Data supplied
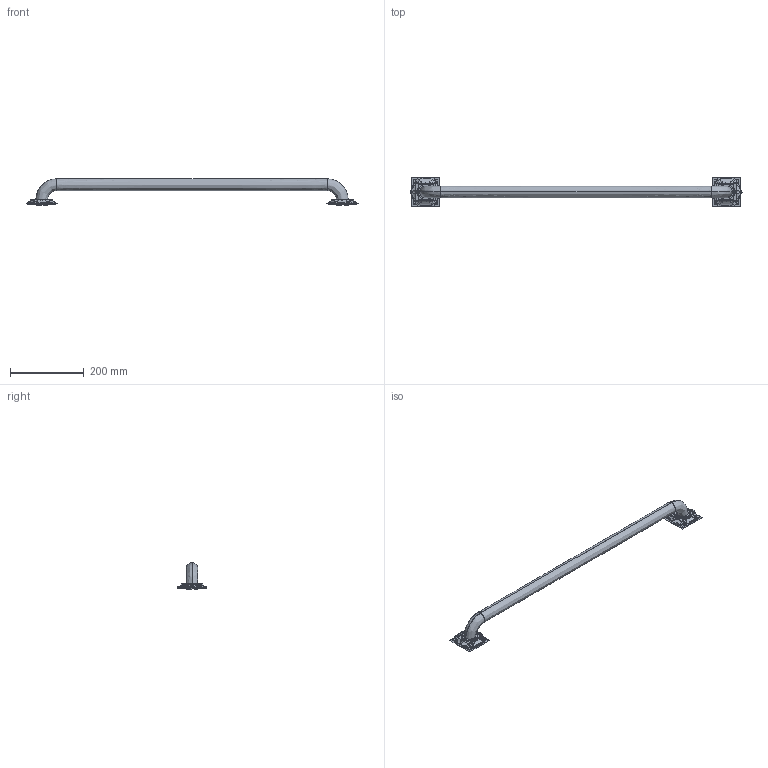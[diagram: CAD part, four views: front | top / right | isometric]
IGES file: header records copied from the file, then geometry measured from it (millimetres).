
Start section:  PTC IGES file: 664.igs
Global section: file name: 664.igs; native system: Pro/ENGINEER by Parametric Technology Corporation; preprocessor: 2009300; author: project; organization: Unknown; date: 20100917.121033; units: inch
Bounding box: 897.85 x 76.2 x 71.02 mm (x, y, z)
Surface area: 879673 mm2 (no closed solid volume)
Topology: 0 solids, 0 shells, 1332 faces, 9816 edges, 9800 vertices
Faces by surface type: bspline 1332
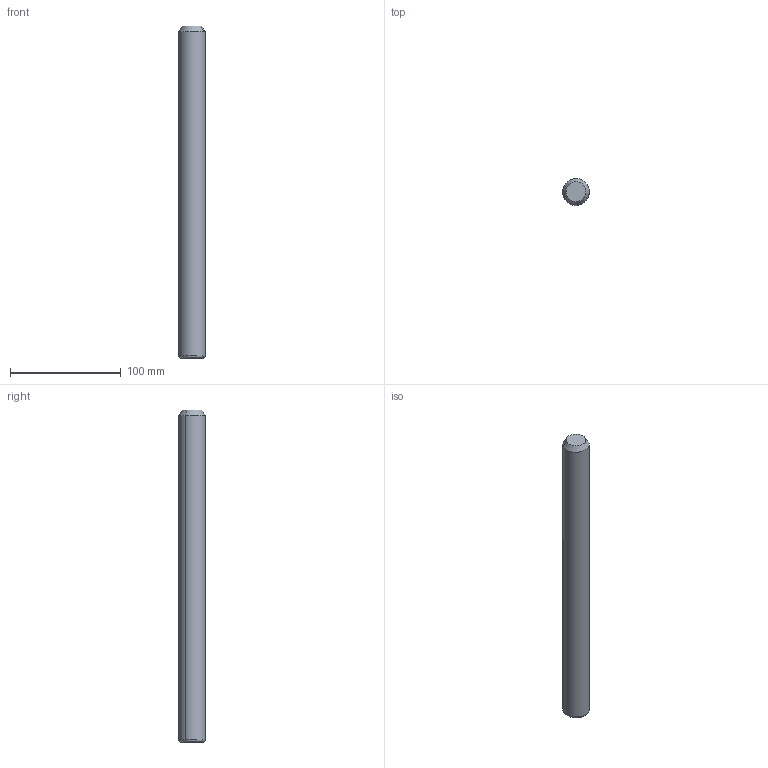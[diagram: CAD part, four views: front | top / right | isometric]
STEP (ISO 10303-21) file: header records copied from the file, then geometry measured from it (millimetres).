
FILE_DESCRIPTION(('CATIA V5 STEP Exchange'),'2;1');
FILE_NAME('RDCO300.24300.stp','2017-03-09T11:12:19+00:00',('none'),('none'),'CATIA Version 5 Release 19 GA (IN-10)','CATIA V5 STEP AP203','none');
FILE_SCHEMA(('CONFIG_CONTROL_DESIGN'));
Length unit declared in the file: millimetre
Products named in the file (1): RDCO300.24300
Bounding box: 23.99 x 23.99 x 300 mm (x, y, z)
Volume: 135115.8 mm3; surface area: 23263.9 mm2
Topology: 1 solids, 1 shells, 8 faces, 17 edges, 15 vertices
Faces by surface type: cone 2, plane 2, cylinder 2, torus 2
Entity records: 249 total; most frequent: CARTESIAN_POINT 39, DIRECTION 29, ORIENTED_EDGE 28, AXIS2_PLACEMENT_3D 17, EDGE_CURVE 14, CIRCLE 10, ADVANCED_FACE 8, EDGE_LOOP 8

What is expected
Repeat the material above precisely as it appears, omitting the images it contains.

Answer for the task
[diagram: CAD part, four views: front | top / right | isometric]
IGES file: header records copied from the file, then geometry measured from it (millimetres).
Start section:  PTC IGES file: 664.igs
Global section: file name: 664.igs; native system: Pro/ENGINEER by Parametric Technology Corporation; preprocessor: 2009300; author: project; organization: Unknown; date: 20100917.121033; units: inch
Bounding box: 897.85 x 76.2 x 71.02 mm (x, y, z)
Surface area: 879673 mm2 (no closed solid volume)
Topology: 0 solids, 0 shells, 1332 faces, 9816 edges, 9800 vertices
Faces by surface type: bspline 1332
[diagram: CAD part, four views: front | top / right | isometric]
STEP (ISO 10303-21) file: header records copied from the file, then geometry measured from it (millimetres).
FILE_DESCRIPTION(('CATIA V5 STEP Exchange'),'2;1');
FILE_NAME('RDCO300.24300.stp','2017-03-09T11:12:19+00:00',('none'),('none'),'CATIA Version 5 Release 19 GA (IN-10)','CATIA V5 STEP AP203','none');
FILE_SCHEMA(('CONFIG_CONTROL_DESIGN'));
Length unit declared in the file: millimetre
Products named in the file (1): RDCO300.24300
Bounding box: 23.99 x 23.99 x 300 mm (x, y, z)
Volume: 135115.8 mm3; surface area: 23263.9 mm2
Topology: 1 solids, 1 shells, 8 faces, 17 edges, 15 vertices
Faces by surface type: cone 2, plane 2, cylinder 2, torus 2
Entity records: 249 total; most frequent: CARTESIAN_POINT 39, DIRECTION 29, ORIENTED_EDGE 28, AXIS2_PLACEMENT_3D 17, EDGE_CURVE 14, CIRCLE 10, ADVANCED_FACE 8, EDGE_LOOP 8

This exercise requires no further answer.